We've learnt a lot of things from this project. We found out that design patterns are not always being used, and sometimes in many different ways. Also it was really hard to inspect and extend source codes written by other programmers.

Members

Documentation (deprecated)

We're writing member-specific ideas and notes in docs. This markdown is aimed to converge and share those ideas in more general form.

⚠️ All the contents written inside docs directory have been merged to here.
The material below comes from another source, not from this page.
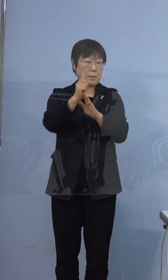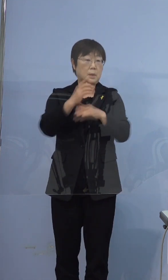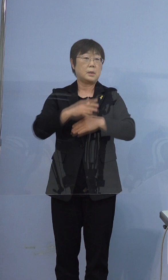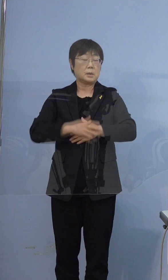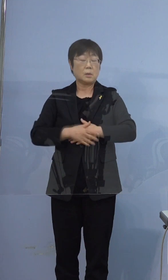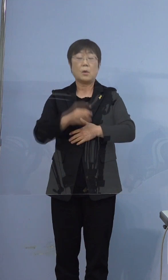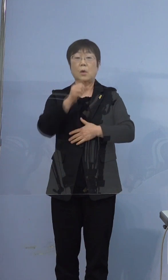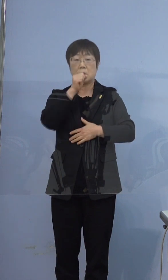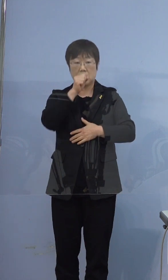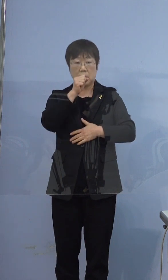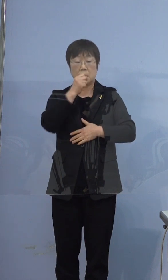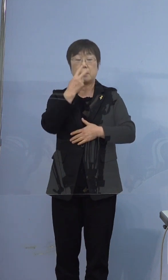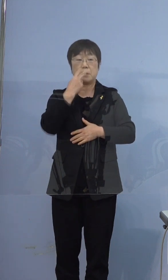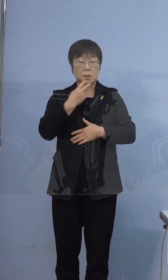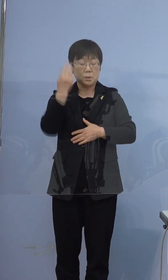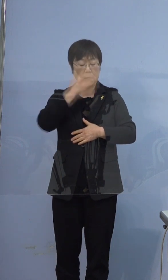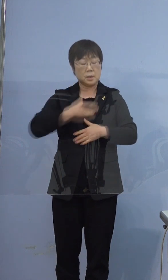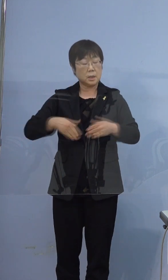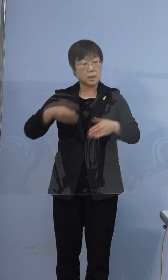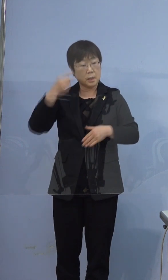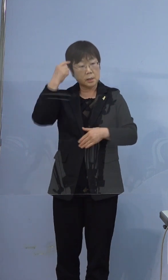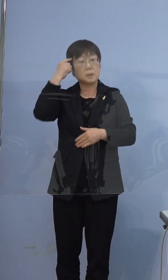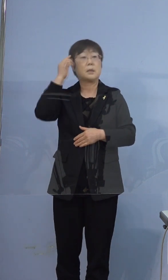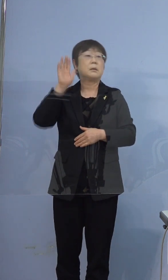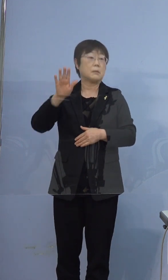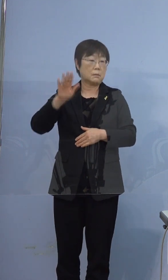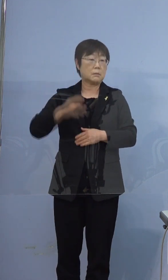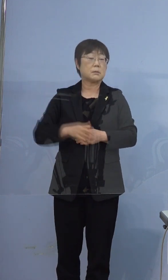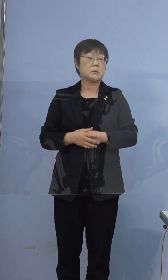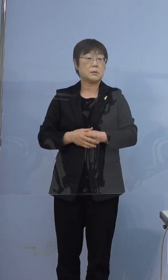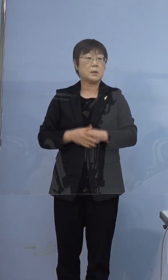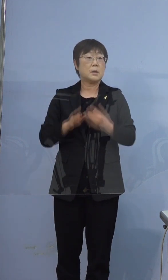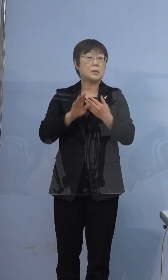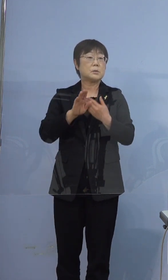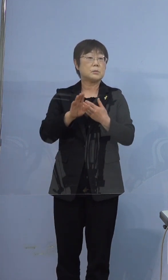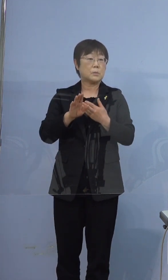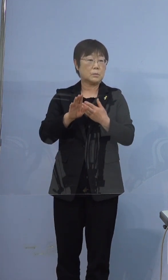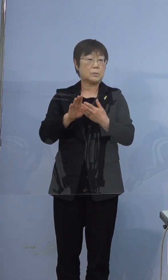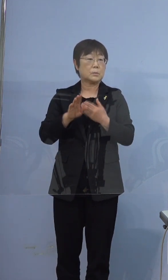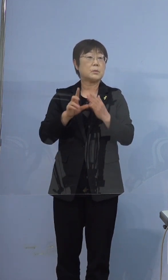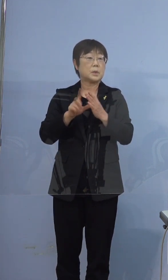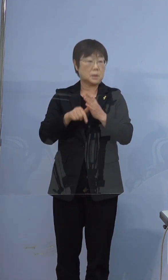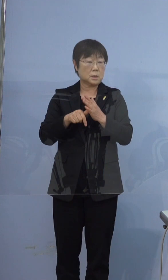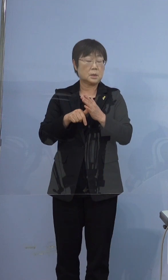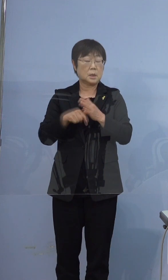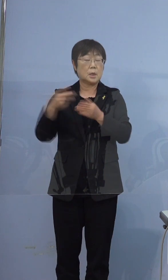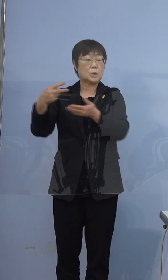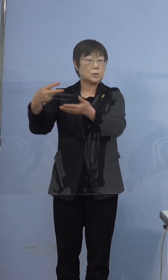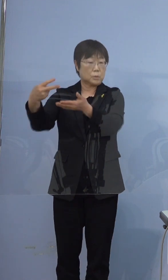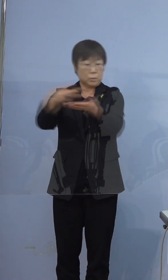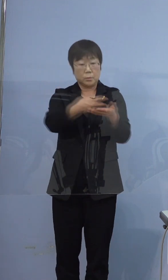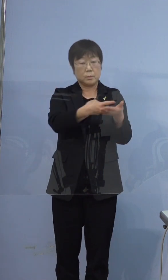咳、鼻汁、全身倦怠感 この日に救急車で運ばれて来て
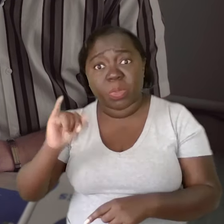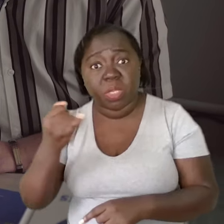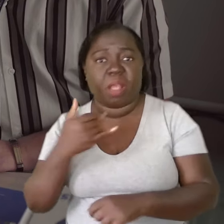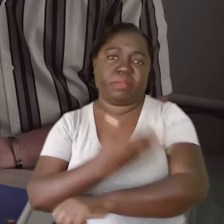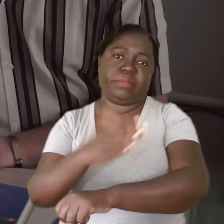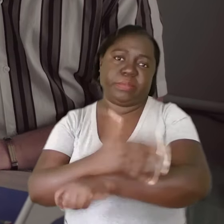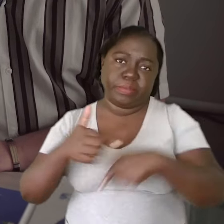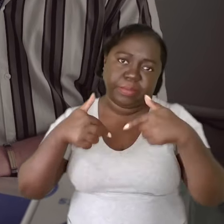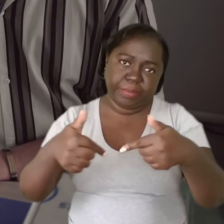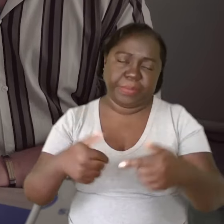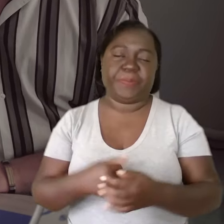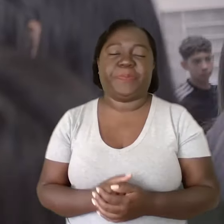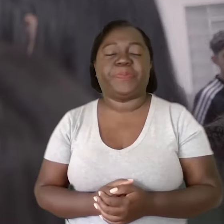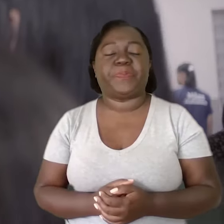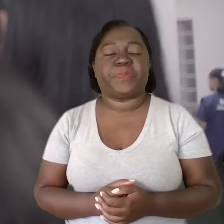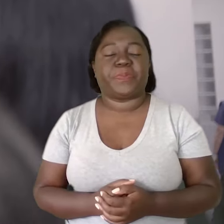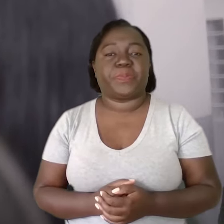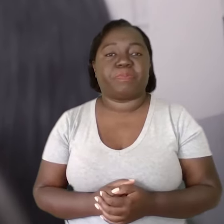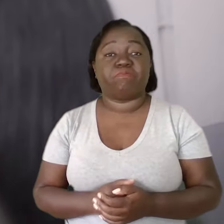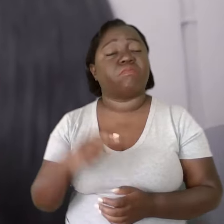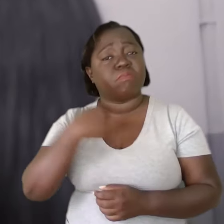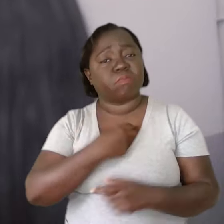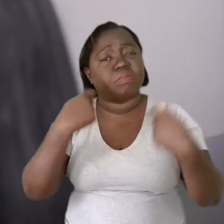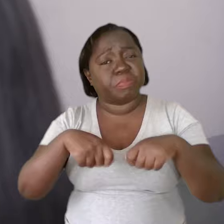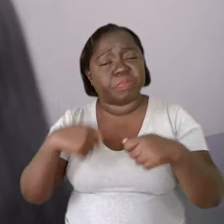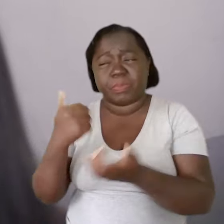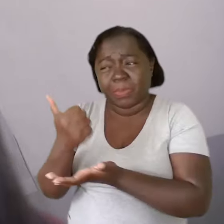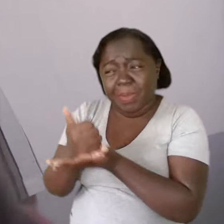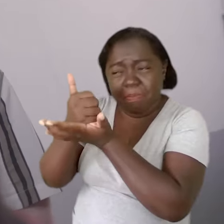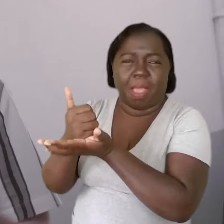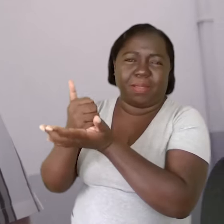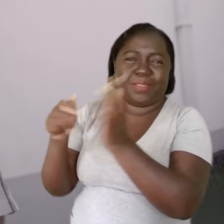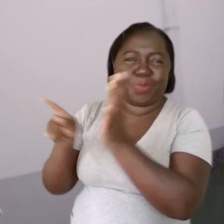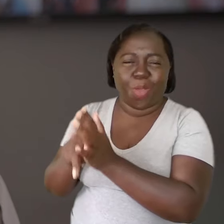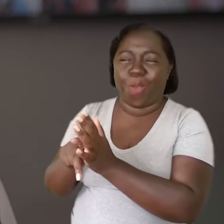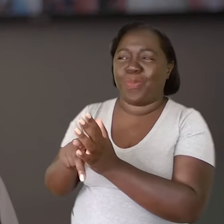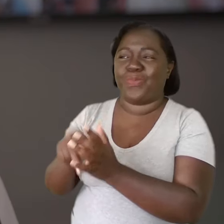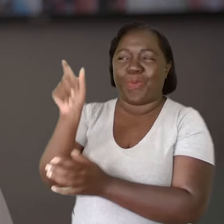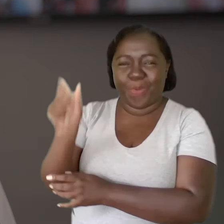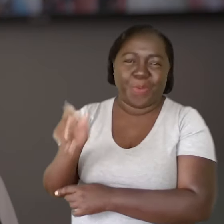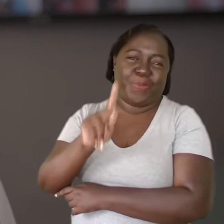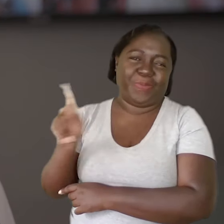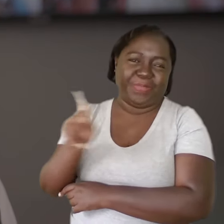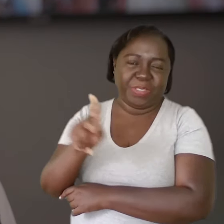que a gente coloque em prática isso. A gente tem que ser a base de sustentação para apoiar esse professor.

Design patterns found in jsoup

org.jsoup.Jsoup

Facade

Provides a unified interface to a set of interfaces in a subsystem. It defines a higher-level interface that makes a subsystem easier to use.

Why?

Jsoup core features are available from this class. It depends on many subsystem and also all the elements don't depend on this. See the below comments on this class.

Role Class
Facade Jsoup
/**
 The core public access point to the jsoup functionality.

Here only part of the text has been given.